(Data for review)
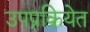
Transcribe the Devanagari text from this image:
उपप्रक्रियेत
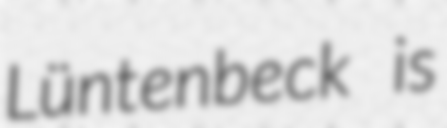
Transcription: Lüntenbeck is
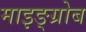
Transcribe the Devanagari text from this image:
माइङ्ग्रोब
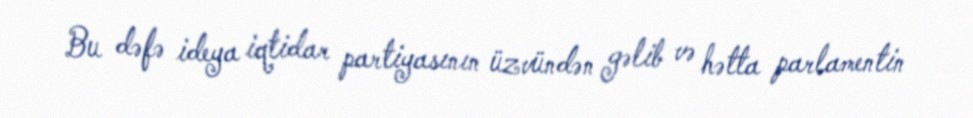
Bu dəfə ideya iqtidar partiyasının üzvündən gəlib və hətta parlamentin
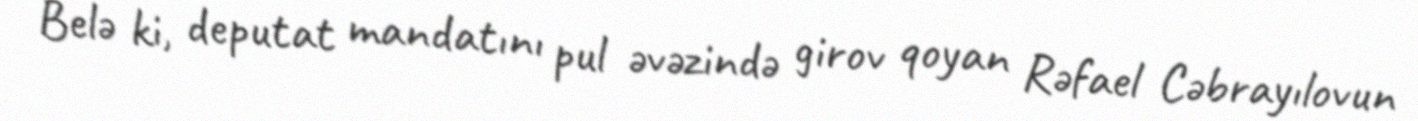
Belə ki, deputat mandatını pul əvəzində girov qoyan Rəfael Cəbrayılovun
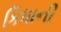
કિધાની
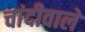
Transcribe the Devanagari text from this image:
चांदीवाले
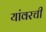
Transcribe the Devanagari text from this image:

(Activity)
Without including any image, reproduce the full listing above as written.

(Exercise answer)
Transcribe the Devanagari text from this image:
उपप्रक्रियेत
Transcription: Lüntenbeck is
Transcribe the Devanagari text from this image:
माइङ्ग्रोब
Bu dəfə ideya iqtidar partiyasının üzvündən gəlib və hətta parlamentin
Belə ki, deputat mandatını pul əvəzində girov qoyan Rəfael Cəbrayılovun
કિધાની
Transcribe the Devanagari text from this image:
चांदीवाले
Transcribe the Devanagari text from this image:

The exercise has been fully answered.